_Your assignment_.
Show, from the entries below, every line in which "attached" appears.

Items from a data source
-- Opening Marker --

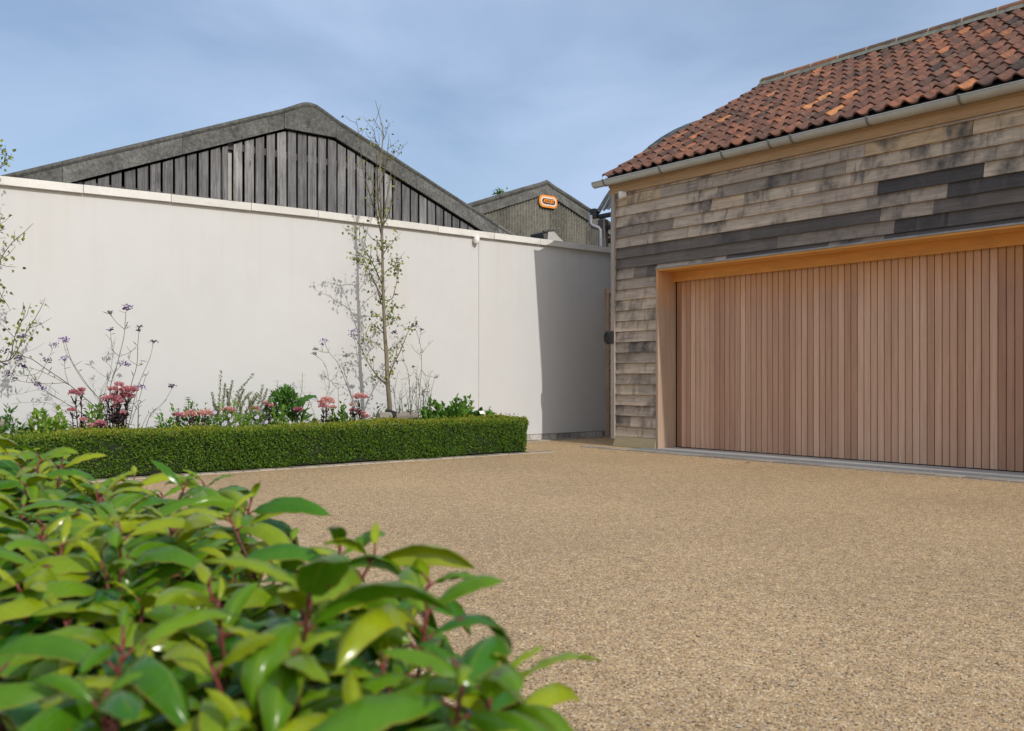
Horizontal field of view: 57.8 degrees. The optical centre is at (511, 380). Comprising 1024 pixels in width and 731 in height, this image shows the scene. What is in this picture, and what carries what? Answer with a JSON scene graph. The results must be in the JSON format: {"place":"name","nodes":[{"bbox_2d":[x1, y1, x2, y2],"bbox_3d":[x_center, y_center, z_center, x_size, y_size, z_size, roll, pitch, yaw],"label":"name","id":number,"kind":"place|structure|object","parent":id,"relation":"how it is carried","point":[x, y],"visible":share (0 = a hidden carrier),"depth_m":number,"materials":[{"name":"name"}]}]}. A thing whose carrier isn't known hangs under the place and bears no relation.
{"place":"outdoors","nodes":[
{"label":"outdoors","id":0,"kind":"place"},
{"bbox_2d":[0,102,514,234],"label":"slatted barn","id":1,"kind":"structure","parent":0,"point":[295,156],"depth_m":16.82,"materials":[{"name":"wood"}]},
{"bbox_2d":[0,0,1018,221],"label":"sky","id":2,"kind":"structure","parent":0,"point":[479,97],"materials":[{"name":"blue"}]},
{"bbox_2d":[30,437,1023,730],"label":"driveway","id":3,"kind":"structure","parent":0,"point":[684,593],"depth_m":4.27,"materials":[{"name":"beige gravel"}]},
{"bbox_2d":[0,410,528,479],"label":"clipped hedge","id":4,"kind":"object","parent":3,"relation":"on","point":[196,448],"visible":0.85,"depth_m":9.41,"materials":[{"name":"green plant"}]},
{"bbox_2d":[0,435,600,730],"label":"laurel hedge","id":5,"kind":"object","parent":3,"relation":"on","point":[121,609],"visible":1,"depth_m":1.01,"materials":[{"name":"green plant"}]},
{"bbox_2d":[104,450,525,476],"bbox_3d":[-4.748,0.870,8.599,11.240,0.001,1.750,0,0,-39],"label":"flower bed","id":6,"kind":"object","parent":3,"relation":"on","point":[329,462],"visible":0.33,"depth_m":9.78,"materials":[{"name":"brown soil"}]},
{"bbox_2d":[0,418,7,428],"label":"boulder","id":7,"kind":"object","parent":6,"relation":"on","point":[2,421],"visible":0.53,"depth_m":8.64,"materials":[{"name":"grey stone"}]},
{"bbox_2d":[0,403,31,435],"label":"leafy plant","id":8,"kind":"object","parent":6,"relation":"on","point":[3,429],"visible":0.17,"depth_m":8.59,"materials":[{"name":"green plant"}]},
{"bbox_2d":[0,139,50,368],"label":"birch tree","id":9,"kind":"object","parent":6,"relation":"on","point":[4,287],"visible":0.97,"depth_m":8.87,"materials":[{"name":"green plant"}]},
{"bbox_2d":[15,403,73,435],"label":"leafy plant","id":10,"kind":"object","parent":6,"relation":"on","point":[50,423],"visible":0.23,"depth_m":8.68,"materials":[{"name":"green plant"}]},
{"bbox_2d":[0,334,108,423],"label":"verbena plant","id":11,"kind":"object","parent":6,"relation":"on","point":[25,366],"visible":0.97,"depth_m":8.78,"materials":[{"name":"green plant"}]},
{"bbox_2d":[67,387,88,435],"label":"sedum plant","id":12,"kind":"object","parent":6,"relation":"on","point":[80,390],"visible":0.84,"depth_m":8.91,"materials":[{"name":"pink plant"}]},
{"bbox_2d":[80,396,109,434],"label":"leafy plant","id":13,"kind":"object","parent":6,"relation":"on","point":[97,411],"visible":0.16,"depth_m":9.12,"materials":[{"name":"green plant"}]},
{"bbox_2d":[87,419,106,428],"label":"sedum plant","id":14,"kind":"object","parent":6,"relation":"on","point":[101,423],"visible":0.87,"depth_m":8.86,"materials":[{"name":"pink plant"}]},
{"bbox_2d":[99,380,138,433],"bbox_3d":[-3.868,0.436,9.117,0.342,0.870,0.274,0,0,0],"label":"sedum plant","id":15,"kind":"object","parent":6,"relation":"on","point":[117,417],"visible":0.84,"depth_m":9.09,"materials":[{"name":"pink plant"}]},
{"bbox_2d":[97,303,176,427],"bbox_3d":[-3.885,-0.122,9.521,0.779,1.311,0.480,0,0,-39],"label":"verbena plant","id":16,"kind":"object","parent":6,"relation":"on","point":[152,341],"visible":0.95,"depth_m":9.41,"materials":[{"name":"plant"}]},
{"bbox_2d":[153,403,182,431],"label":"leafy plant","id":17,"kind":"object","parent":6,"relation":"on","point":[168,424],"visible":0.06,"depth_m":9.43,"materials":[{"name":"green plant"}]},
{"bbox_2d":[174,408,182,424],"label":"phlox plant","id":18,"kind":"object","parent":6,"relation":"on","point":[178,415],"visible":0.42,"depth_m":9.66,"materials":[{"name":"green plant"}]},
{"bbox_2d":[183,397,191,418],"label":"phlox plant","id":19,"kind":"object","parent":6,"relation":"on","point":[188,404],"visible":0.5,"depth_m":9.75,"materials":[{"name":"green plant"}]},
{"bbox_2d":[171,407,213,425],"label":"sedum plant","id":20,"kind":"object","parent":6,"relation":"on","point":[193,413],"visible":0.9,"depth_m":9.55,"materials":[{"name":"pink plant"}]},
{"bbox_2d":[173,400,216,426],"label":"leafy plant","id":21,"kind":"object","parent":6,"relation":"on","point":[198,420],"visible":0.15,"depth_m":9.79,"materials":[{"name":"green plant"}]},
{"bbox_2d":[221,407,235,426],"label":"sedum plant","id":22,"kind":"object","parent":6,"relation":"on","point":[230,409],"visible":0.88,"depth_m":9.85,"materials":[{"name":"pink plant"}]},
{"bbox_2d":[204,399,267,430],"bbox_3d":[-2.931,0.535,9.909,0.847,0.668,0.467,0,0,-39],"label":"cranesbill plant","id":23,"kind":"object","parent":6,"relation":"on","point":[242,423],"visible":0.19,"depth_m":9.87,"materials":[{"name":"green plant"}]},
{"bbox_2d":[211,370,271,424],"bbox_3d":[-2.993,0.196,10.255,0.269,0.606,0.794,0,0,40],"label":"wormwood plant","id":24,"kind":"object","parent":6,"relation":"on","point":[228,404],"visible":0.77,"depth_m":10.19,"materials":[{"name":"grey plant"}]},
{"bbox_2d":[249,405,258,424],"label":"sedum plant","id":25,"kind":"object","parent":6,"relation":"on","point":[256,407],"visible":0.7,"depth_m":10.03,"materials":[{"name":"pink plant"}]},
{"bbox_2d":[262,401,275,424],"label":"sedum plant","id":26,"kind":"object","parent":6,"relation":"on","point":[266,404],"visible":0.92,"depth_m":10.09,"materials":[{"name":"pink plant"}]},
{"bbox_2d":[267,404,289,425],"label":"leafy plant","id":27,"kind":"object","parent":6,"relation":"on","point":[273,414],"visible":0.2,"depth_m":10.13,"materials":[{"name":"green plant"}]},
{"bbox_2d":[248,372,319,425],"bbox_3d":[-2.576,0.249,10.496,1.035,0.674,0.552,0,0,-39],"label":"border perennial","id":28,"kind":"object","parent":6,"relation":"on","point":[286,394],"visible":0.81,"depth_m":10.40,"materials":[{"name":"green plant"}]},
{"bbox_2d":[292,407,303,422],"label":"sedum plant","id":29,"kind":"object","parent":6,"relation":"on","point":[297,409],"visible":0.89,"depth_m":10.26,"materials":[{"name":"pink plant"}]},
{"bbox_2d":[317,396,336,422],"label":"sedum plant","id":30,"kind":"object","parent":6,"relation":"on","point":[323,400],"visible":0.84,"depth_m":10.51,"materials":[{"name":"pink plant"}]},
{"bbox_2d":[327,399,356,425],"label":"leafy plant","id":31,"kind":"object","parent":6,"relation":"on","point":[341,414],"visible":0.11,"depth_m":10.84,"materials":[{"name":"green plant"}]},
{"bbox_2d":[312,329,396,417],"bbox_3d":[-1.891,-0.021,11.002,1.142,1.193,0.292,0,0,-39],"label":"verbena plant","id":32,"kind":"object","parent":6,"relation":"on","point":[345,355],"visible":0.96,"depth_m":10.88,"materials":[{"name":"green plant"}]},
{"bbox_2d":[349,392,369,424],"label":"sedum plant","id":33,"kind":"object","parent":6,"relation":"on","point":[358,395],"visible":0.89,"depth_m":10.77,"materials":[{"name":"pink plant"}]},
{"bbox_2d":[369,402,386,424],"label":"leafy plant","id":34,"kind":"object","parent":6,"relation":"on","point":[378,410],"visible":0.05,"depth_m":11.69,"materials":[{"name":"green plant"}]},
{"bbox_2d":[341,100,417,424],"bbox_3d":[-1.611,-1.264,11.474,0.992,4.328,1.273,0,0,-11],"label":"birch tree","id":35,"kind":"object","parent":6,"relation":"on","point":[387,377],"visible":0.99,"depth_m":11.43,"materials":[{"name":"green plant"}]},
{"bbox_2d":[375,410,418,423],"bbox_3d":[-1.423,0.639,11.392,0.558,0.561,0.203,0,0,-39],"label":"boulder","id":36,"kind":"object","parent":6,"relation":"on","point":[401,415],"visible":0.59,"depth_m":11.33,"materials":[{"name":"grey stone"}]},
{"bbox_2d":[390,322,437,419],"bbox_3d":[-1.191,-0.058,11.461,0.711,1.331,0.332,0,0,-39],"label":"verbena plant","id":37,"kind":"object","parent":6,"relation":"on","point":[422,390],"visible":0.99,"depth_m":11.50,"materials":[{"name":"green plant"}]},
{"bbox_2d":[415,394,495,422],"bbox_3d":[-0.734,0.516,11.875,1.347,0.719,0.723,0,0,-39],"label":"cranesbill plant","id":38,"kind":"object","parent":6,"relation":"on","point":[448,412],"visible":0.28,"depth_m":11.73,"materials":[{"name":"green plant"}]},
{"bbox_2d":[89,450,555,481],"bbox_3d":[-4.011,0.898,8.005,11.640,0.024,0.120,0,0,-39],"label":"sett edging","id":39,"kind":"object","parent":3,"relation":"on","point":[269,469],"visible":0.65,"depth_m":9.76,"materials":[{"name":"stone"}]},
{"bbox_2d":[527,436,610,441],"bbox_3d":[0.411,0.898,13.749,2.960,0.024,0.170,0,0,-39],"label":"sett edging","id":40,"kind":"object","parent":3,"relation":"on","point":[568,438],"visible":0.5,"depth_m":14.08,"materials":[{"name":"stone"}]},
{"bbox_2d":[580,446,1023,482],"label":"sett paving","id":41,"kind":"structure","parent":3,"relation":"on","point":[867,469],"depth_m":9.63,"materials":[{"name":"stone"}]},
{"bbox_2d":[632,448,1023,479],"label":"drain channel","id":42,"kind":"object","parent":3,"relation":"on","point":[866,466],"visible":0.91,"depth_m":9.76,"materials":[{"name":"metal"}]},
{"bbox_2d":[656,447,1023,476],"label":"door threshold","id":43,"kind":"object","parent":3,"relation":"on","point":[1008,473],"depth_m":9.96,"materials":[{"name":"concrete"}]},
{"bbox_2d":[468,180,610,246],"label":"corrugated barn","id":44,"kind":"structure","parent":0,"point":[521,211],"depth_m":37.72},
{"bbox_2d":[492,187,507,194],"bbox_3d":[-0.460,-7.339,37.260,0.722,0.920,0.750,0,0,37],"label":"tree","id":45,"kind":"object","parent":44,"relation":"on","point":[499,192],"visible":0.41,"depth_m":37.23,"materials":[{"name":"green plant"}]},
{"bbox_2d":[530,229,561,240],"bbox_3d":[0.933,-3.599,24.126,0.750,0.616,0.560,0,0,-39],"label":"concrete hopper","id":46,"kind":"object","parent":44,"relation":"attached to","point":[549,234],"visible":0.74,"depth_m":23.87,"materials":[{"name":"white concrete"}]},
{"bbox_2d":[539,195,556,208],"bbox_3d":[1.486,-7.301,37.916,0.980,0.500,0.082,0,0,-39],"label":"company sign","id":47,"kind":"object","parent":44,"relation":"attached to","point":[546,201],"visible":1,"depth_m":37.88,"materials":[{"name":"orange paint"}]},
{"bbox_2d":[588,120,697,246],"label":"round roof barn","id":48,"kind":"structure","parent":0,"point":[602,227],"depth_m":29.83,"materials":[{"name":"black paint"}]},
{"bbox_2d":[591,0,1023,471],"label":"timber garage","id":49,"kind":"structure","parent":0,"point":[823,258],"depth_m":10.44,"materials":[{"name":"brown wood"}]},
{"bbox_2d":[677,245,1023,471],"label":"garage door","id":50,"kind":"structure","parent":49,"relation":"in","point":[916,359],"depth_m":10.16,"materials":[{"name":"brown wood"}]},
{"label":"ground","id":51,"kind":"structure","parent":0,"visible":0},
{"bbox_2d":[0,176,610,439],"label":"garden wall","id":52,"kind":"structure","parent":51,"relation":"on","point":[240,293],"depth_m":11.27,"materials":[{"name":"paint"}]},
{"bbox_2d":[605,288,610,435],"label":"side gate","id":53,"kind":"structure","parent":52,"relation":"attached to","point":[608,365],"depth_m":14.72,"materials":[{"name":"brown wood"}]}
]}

-- Closing Marker --

_Response_.
{"bbox_2d":[530,229,561,240],"bbox_3d":[0.933,-3.599,24.126,0.750,0.616,0.560,0,0,-39],"label":"concrete hopper","id":46,"kind":"object","parent":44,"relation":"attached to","point":[549,234],"visible":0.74,"depth_m":23.87,"materials":[{"name":"white concrete"}]},
{"bbox_2d":[539,195,556,208],"bbox_3d":[1.486,-7.301,37.916,0.980,0.500,0.082,0,0,-39],"label":"company sign","id":47,"kind":"object","parent":44,"relation":"attached to","point":[546,201],"visible":1,"depth_m":37.88,"materials":[{"name":"orange paint"}]},
{"bbox_2d":[605,288,610,435],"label":"side gate","id":53,"kind":"structure","parent":52,"relation":"attached to","point":[608,365],"depth_m":14.72,"materials":[{"name":"brown wood"}]}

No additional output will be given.